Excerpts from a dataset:
****

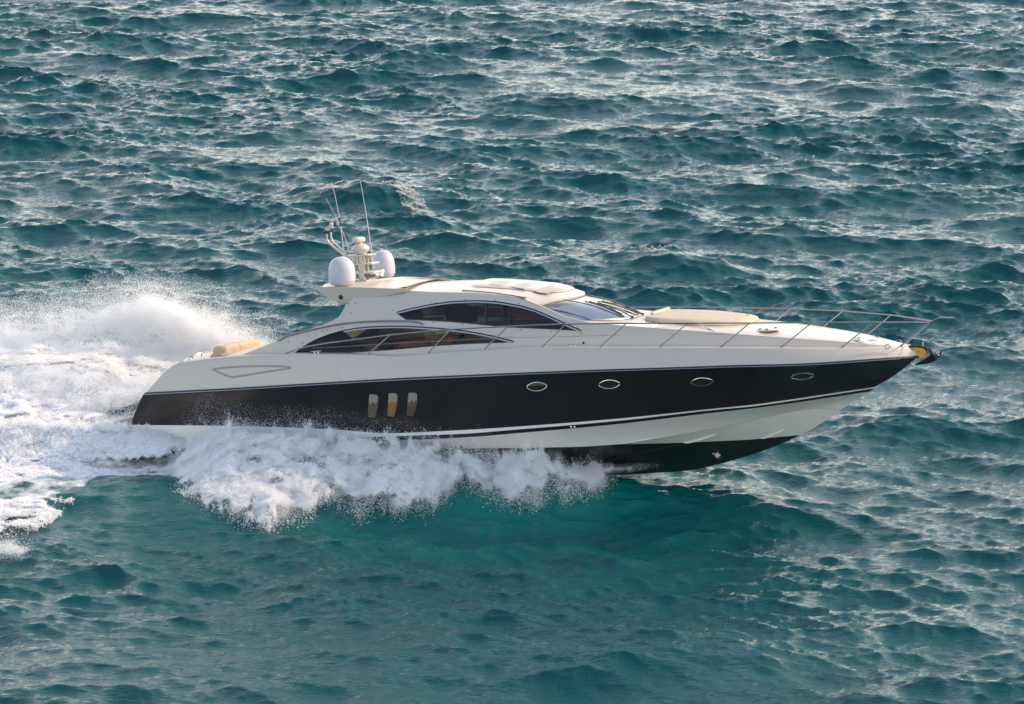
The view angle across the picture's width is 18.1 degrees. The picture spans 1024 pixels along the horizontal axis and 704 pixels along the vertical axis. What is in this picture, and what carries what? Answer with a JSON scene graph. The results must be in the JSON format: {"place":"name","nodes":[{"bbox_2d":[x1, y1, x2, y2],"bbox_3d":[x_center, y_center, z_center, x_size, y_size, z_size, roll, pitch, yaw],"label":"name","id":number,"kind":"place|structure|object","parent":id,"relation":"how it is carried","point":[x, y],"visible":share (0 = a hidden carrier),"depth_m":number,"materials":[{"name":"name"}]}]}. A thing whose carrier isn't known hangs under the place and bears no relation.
{"place":"outdoors","nodes":[
{"label":"outdoors","id":0,"kind":"place"},
{"bbox_2d":[211,352,226,357],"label":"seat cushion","id":1,"kind":"object","parent":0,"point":[218,354],"visible":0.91,"depth_m":85.56,"materials":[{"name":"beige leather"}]},
{"bbox_2d":[0,0,1023,703],"bbox_3d":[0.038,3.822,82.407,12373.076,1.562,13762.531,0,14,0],"label":"sea","id":2,"kind":"structure","parent":0,"point":[808,158],"depth_m":108.40,"materials":[{"name":"liquid"}]},
{"bbox_2d":[72,102,94,108],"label":"whitecap","id":3,"kind":"object","parent":2,"relation":"on","point":[84,104],"visible":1,"depth_m":140.86,"materials":[{"name":"liquid"}]},
{"bbox_2d":[0,265,288,561],"label":"stern spray","id":4,"kind":"object","parent":2,"relation":"on","point":[39,418],"depth_m":90.45,"materials":[{"name":"white liquid"}]},
{"bbox_2d":[377,180,433,215],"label":"whitecap","id":5,"kind":"object","parent":2,"relation":"on","point":[411,196],"visible":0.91,"depth_m":120.36,"materials":[{"name":"liquid"}]},
{"bbox_2d":[167,400,657,539],"label":"bow spray","id":6,"kind":"object","parent":2,"relation":"on","point":[414,472],"depth_m":82.30,"materials":[{"name":"white liquid"}]},
{"bbox_2d":[113,181,953,476],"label":"yacht","id":7,"kind":"object","parent":2,"relation":"on","point":[569,369],"visible":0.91,"depth_m":82.78,"materials":[{"name":"paint"}]},
{"bbox_2d":[213,339,259,355],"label":"backrest cushion","id":8,"kind":"object","parent":7,"relation":"on","point":[232,347],"visible":0.68,"depth_m":86.66,"materials":[{"name":"beige fabric"}]},
{"bbox_2d":[365,394,377,417],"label":"hull window","id":9,"kind":"structure","parent":7,"relation":"in","point":[371,407],"depth_m":83.64,"materials":[{"name":"grey glass"}]},
{"bbox_2d":[385,393,396,416],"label":"hull window","id":10,"kind":"structure","parent":7,"relation":"in","point":[391,399],"depth_m":83.45,"materials":[{"name":"orange glass"}]},
{"bbox_2d":[295,326,513,352],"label":"lower side window","id":11,"kind":"structure","parent":7,"relation":"in","point":[458,336],"depth_m":83.78,"materials":[{"name":"black glass"}]},
{"bbox_2d":[404,392,416,416],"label":"hull window","id":12,"kind":"structure","parent":7,"relation":"in","point":[411,397],"depth_m":83.27,"materials":[{"name":"grey glass"}]},
{"bbox_2d":[396,300,581,331],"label":"upper side window","id":13,"kind":"structure","parent":7,"relation":"in","point":[479,312],"depth_m":83.05,"materials":[{"name":"black glass"}]},
{"bbox_2d":[543,298,585,308],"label":"windshield","id":14,"kind":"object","parent":7,"relation":"in","point":[560,303],"depth_m":86.69,"materials":[{"name":"grey glass"}]},
{"bbox_2d":[645,307,759,325],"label":"sun pad","id":15,"kind":"object","parent":7,"relation":"on","point":[666,315],"visible":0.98,"depth_m":82.62,"materials":[{"name":"beige fabric"}]},
{"bbox_2d":[915,347,941,364],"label":"anchor","id":16,"kind":"object","parent":7,"relation":"hanging from","point":[932,357],"visible":1,"depth_m":81.57,"materials":[{"name":"metal"}]}
]}

****

Task: What you return must match the entries above exactly, apart from the pictures, which are left out.

Response to the exercise:
The view angle across the picture's width is 18.1 degrees. The picture spans 1024 pixels along the horizontal axis and 704 pixels along the vertical axis. What is in this picture, and what carries what? Answer with a JSON scene graph. The results must be in the JSON format: {"place":"name","nodes":[{"bbox_2d":[x1, y1, x2, y2],"bbox_3d":[x_center, y_center, z_center, x_size, y_size, z_size, roll, pitch, yaw],"label":"name","id":number,"kind":"place|structure|object","parent":id,"relation":"how it is carried","point":[x, y],"visible":share (0 = a hidden carrier),"depth_m":number,"materials":[{"name":"name"}]}]}. A thing whose carrier isn't known hangs under the place and bears no relation.
{"place":"outdoors","nodes":[
{"label":"outdoors","id":0,"kind":"place"},
{"bbox_2d":[211,352,226,357],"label":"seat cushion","id":1,"kind":"object","parent":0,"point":[218,354],"visible":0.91,"depth_m":85.56,"materials":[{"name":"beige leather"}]},
{"bbox_2d":[0,0,1023,703],"bbox_3d":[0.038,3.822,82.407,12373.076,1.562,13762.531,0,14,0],"label":"sea","id":2,"kind":"structure","parent":0,"point":[808,158],"depth_m":108.40,"materials":[{"name":"liquid"}]},
{"bbox_2d":[72,102,94,108],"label":"whitecap","id":3,"kind":"object","parent":2,"relation":"on","point":[84,104],"visible":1,"depth_m":140.86,"materials":[{"name":"liquid"}]},
{"bbox_2d":[0,265,288,561],"label":"stern spray","id":4,"kind":"object","parent":2,"relation":"on","point":[39,418],"depth_m":90.45,"materials":[{"name":"white liquid"}]},
{"bbox_2d":[377,180,433,215],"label":"whitecap","id":5,"kind":"object","parent":2,"relation":"on","point":[411,196],"visible":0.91,"depth_m":120.36,"materials":[{"name":"liquid"}]},
{"bbox_2d":[167,400,657,539],"label":"bow spray","id":6,"kind":"object","parent":2,"relation":"on","point":[414,472],"depth_m":82.30,"materials":[{"name":"white liquid"}]},
{"bbox_2d":[113,181,953,476],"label":"yacht","id":7,"kind":"object","parent":2,"relation":"on","point":[569,369],"visible":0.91,"depth_m":82.78,"materials":[{"name":"paint"}]},
{"bbox_2d":[213,339,259,355],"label":"backrest cushion","id":8,"kind":"object","parent":7,"relation":"on","point":[232,347],"visible":0.68,"depth_m":86.66,"materials":[{"name":"beige fabric"}]},
{"bbox_2d":[365,394,377,417],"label":"hull window","id":9,"kind":"structure","parent":7,"relation":"in","point":[371,407],"depth_m":83.64,"materials":[{"name":"grey glass"}]},
{"bbox_2d":[385,393,396,416],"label":"hull window","id":10,"kind":"structure","parent":7,"relation":"in","point":[391,399],"depth_m":83.45,"materials":[{"name":"orange glass"}]},
{"bbox_2d":[295,326,513,352],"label":"lower side window","id":11,"kind":"structure","parent":7,"relation":"in","point":[458,336],"depth_m":83.78,"materials":[{"name":"black glass"}]},
{"bbox_2d":[404,392,416,416],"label":"hull window","id":12,"kind":"structure","parent":7,"relation":"in","point":[411,397],"depth_m":83.27,"materials":[{"name":"grey glass"}]},
{"bbox_2d":[396,300,581,331],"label":"upper side window","id":13,"kind":"structure","parent":7,"relation":"in","point":[479,312],"depth_m":83.05,"materials":[{"name":"black glass"}]},
{"bbox_2d":[543,298,585,308],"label":"windshield","id":14,"kind":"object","parent":7,"relation":"in","point":[560,303],"depth_m":86.69,"materials":[{"name":"grey glass"}]},
{"bbox_2d":[645,307,759,325],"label":"sun pad","id":15,"kind":"object","parent":7,"relation":"on","point":[666,315],"visible":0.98,"depth_m":82.62,"materials":[{"name":"beige fabric"}]},
{"bbox_2d":[915,347,941,364],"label":"anchor","id":16,"kind":"object","parent":7,"relation":"hanging from","point":[932,357],"visible":1,"depth_m":81.57,"materials":[{"name":"metal"}]}
]}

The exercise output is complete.